A tool for automatic correctness assessment for patches generated by program repair systems. We consider the human patch as ground truth oracle and use Random tests based on the Ground Truth (RGT). See Automated Patch Assessment for Program Repair at Scale
If you use this repo, please cite:
@Article{Ye2021EMSE,
author = {Ye, He and Martinez, Matias and Monperrus, Martin},
title = "Automated Patch Assessment for Program Repair at Scale",
journal="Empirical Software Engineering",
volume = "26",
issn = "1573-7616",
doi = "https://doi.org/10.1007/s10664-020-09920-w",
year = "2021"
}
├── Patches 257 patches from Dcorrect and 381 patches from Doverfitting
│
├── RGT: incl. tests from Evosuite2019, Randoop2019, EvosuitASE15, RandoopASE15 and EvosuiteEMSE18
│
├── DiffTGen
│ ├── Results: the running result overfitting patches found by DiffTGen.
│ ├── runDrr.py: a command to reproduce DiffTGen experiment(details see below)
│
├── statistics: our exerimental statistics for all RQs
│
└── run.py: a command to reproduce all experiments
- JDK 1.7
- OS: Linux and Mac
- Configure the DEFECTS4J_HOME="home_of_defects4j"
- Add submodule defects4j and checkout the commit 486e2b4(Please note our experiment depends on several Defects4J commands)
git submodule add https://github.com/rjust/defects4j
git reset --hard 486e2b49d806cdd3288a64ee3c10b3a25632e991
To assess an indiviual patch for Defects4J:
./run.py patch_assessment <patch_id> <dataset:Dcorrect|Doverfitting> <RGT:ASE15_Evosuite|ASE15_Randoop|EMSE18_Evosuite|2019_Evosuite|2019_Randoop>
example: ./run.py patch_assessment patch1-Lang-35-ACS.patch Dcorrect 2019_Evosuite
To perform different sanity checks:
./run.py applicable_check
./run.py plausible_check
To identify flaky tests:
./run.py flaky_check <patch_id> <dataset:Dcorrect|Doverfitting> <RGT:ASE15_Evosuite|ASE15_Randoop|EMSE18_Evosuite|2019_Evosuite|2019_Randoop>
example: ./run.py flaky_check patch1-Lang-35-ACS.patch Dcorrect 2019_Evosuite
To reproduce our Expriment with RGT patch assessment
RQ1: ./run.py RQ1
RQ3: ./run.py RQ3
RQ4: ./run.py RQ4
RQ5: cd ./statistics ./RQ5-randomness-script.py <Evosuite2019|Randoop2019>
- patches_overview.csv, an overview of patches.
- The RGT tests generation log for Evosuite2019 and Randoop2019.
- Individually, Evosuite2019 and Randoop2019 fail to generate cases for 31/3510 and 1080/3510 executions.
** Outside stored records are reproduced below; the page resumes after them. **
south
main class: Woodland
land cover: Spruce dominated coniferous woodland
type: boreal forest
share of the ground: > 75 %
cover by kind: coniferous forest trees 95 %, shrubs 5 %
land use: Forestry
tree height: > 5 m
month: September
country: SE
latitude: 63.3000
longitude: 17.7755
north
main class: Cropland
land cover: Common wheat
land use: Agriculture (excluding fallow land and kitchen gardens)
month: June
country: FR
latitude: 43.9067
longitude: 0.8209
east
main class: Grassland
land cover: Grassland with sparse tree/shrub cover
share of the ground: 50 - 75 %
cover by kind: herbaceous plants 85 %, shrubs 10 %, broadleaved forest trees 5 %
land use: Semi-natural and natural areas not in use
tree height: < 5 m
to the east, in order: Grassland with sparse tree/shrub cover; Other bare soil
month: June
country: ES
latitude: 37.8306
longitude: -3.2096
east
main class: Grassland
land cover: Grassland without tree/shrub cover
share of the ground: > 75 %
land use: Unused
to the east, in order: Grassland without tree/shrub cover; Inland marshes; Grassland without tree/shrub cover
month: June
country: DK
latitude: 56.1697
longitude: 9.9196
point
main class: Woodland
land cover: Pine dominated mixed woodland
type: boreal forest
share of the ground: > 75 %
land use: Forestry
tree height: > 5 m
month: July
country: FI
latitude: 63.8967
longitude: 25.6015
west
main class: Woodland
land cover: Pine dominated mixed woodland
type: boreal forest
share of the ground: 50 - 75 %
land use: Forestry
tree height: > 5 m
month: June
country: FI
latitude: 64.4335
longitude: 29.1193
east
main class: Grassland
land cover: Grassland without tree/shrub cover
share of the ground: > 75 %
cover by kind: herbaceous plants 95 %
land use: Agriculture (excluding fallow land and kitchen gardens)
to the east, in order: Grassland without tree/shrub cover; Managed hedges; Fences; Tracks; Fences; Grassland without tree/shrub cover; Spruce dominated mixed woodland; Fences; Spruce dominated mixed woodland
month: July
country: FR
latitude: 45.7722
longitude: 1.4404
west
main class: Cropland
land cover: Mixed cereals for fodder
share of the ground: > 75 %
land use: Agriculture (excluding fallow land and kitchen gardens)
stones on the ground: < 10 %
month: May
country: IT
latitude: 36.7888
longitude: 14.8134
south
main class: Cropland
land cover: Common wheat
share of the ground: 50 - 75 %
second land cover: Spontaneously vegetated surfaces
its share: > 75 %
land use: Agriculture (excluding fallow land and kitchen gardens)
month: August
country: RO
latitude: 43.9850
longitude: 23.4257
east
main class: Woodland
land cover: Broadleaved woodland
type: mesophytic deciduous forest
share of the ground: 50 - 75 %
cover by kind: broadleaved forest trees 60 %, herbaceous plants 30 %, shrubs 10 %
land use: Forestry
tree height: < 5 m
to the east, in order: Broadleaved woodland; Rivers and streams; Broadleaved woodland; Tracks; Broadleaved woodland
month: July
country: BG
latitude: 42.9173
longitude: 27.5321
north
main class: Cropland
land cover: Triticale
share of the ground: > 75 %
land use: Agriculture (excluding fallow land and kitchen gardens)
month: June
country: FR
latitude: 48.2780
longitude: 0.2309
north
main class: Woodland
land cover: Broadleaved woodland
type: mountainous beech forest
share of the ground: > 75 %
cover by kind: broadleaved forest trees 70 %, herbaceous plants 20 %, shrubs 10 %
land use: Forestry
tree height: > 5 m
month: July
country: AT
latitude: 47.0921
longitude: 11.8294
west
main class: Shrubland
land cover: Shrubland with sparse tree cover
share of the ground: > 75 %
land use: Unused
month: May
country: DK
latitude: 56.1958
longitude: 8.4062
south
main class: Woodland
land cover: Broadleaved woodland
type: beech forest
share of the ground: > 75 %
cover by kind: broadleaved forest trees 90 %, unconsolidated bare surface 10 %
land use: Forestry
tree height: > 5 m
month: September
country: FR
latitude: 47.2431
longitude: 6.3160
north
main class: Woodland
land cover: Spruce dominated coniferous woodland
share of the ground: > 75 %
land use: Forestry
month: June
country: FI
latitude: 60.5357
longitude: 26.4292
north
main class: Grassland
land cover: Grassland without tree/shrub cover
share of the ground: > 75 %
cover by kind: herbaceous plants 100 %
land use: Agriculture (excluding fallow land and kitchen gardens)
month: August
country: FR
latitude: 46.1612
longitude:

There are respective 2.2% and 2.4% falky tests are found, please see the log Flaky_Check_For_Evosuite2019 and Flaky_Check_For_Randoop2019.
- We run Evosuite2019 and Randoop2019 over 257 patches from Dcorrect. The statistics for each test execution is available at RQ1 and RQ2_Result.
- The detailed execution logs of RGT compared to DiffTGen are available at Evosuite2019_Execution_on_Doverfitting and Randoop2019_Execution_on_Doverfitting
- Overfitting patches found by Evosite2019 and Randoop2019 are individally summarized in the statistics.Together, they found 274 overfitting patches.
- Overfitting patches found by DiffTGen is summarized in the DiffTGen Result.
- Overfitting patches found by RGT from previous research: EvosuiteASE15, RandoopASE15, EvosuiteEMSE18 are summarized here.
- Experiment statistics of RQ4_RGT_From_Previous_on_Dcorrect.csv: 9 misclassified patches found.
- Experiment statistics of RQ4_RGT_From_Previous_on_Doverfitting.csv: 219 misclassified patches found.
- Individually, the failure number for 30 RGT tests of identifying overfitting patches are available Evosuite2019 and Randoop2019.
- We develop a script to simulate 1000 random groups that each contain 30 runs test generation.
- Statistics that record the average test generations that achieve effectiveness of 80%, 85%, 90%, 95% and 100%: 1000 groups of Evosuite and 1000 groups of Randoop.
- For more details about Defects4J, see the original repository of the Defects4J benchmark.
- For more details about DiffTGen, see the original repository of the DiffTGen.